La scena, molto semplice, affidata alla regia di Matteo Corfiatti. Marco Notaro, invece, ne cura il materiale fotografico. Lui stesso,  Francesco Repice, così come racconta, dai banchi della tribuna stampa degli stadi d’Italia, in Europa e in giro per il mondo, partite e pallone: maglione, pantaloni casual ma non troppo, scarpe abbastanza sportive ed una collana di perle colorate, quasi da surfista. E poi una scrivania semplice, semplice come il bicchiere di birra, da sorseggiare, da ruminare qua e la’, durante e dopo aver fatto sorseggiare e ruminare, parole ed emozioni.

Due alla fine, le dediche, mission, del resto, di ogni giocatore chi si rispetti, dopo una partita che lo ha visto protagonista. A Denis Bergamini, compianto centrocampista del Cosenza, squadra della città natale di Francesco, del quale già aveva parlato, nel suo primo spettacolo al cosentino Rendano, il 28 febbraio scorso, incentrato su Bergamini e sull’altro compianto Gigi Marulla.
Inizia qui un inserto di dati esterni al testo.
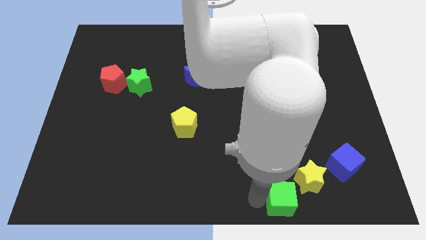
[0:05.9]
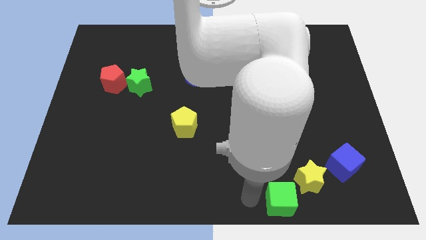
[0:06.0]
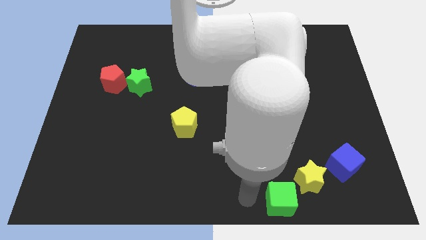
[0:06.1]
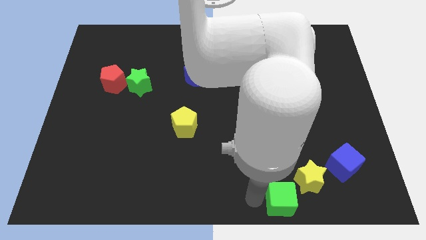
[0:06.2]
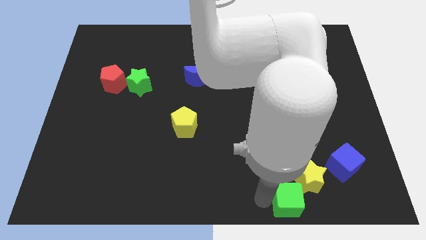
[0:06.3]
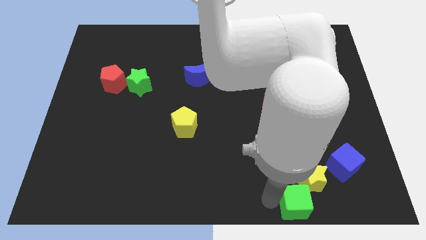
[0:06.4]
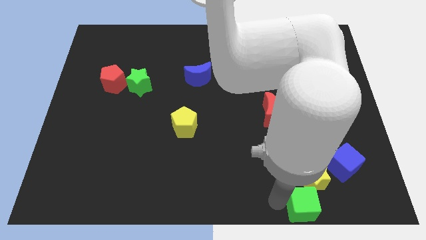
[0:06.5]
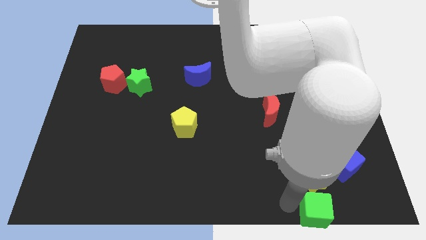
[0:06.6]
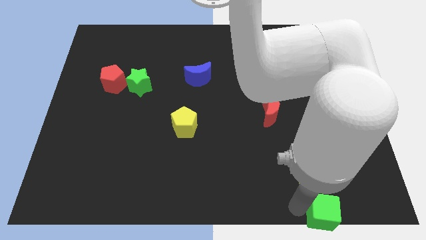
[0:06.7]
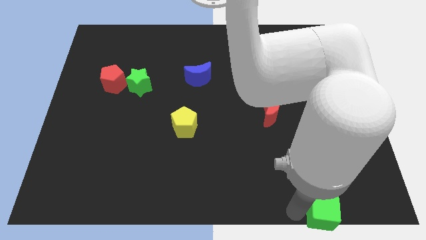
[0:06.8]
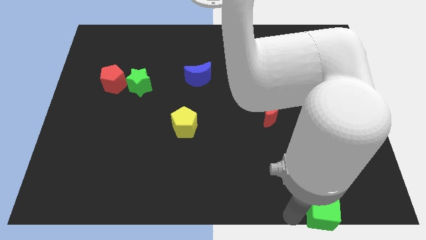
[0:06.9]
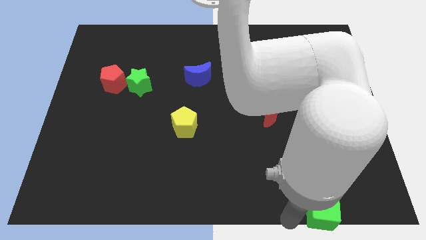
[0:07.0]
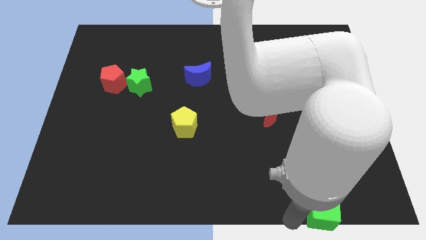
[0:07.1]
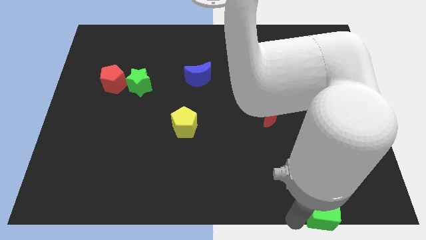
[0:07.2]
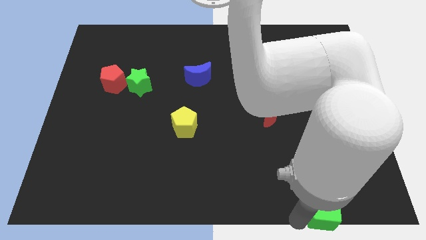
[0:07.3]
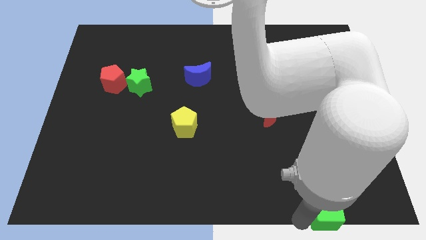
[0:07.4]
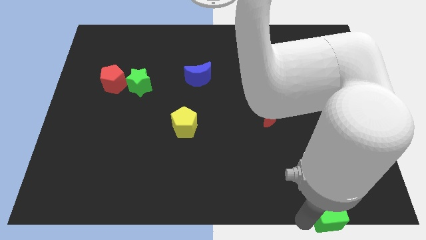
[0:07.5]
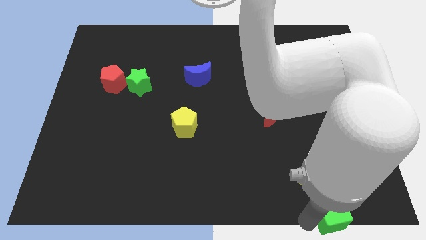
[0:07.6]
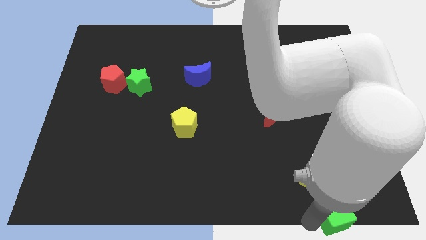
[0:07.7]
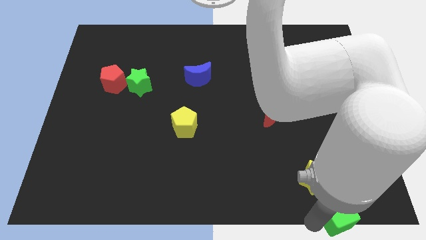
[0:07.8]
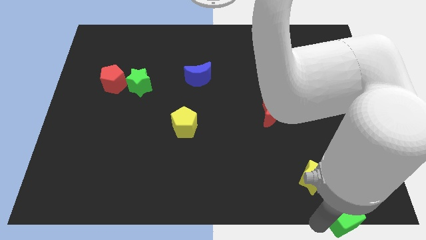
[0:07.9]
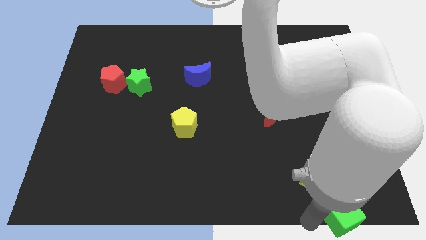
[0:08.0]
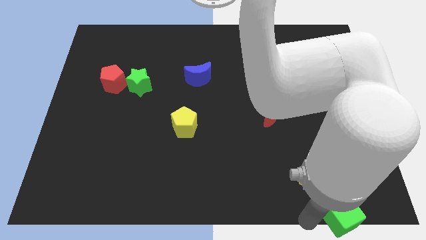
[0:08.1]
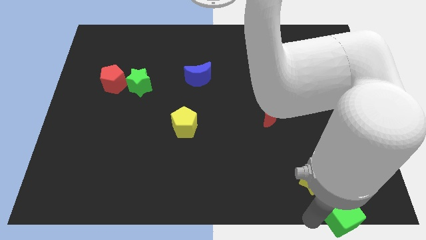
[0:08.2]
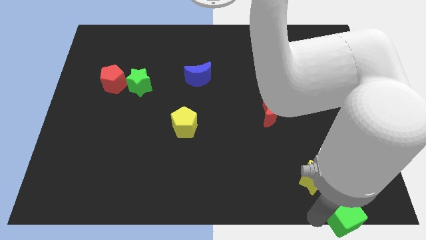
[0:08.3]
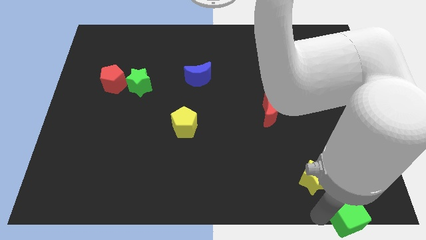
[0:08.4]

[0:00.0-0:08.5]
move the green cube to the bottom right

Ed a chi, secondo Repice e tanti addetti ai lavori, poteva essere l’erede di Beppe Viola ma purtroppo, la vita, lo ha messo in fuorigioco troppo presto: Alberto D’Aguanno. Uno spettacolo capace di riempirti, di accenderti. E perché la voce degli eroi risuoni e continui a suonare, noi siamo solo chiamati a farla entrare, a togliere dal campo ogni tipo d’intralci. Tipo poco prima del fischio d’inizio, di una partita.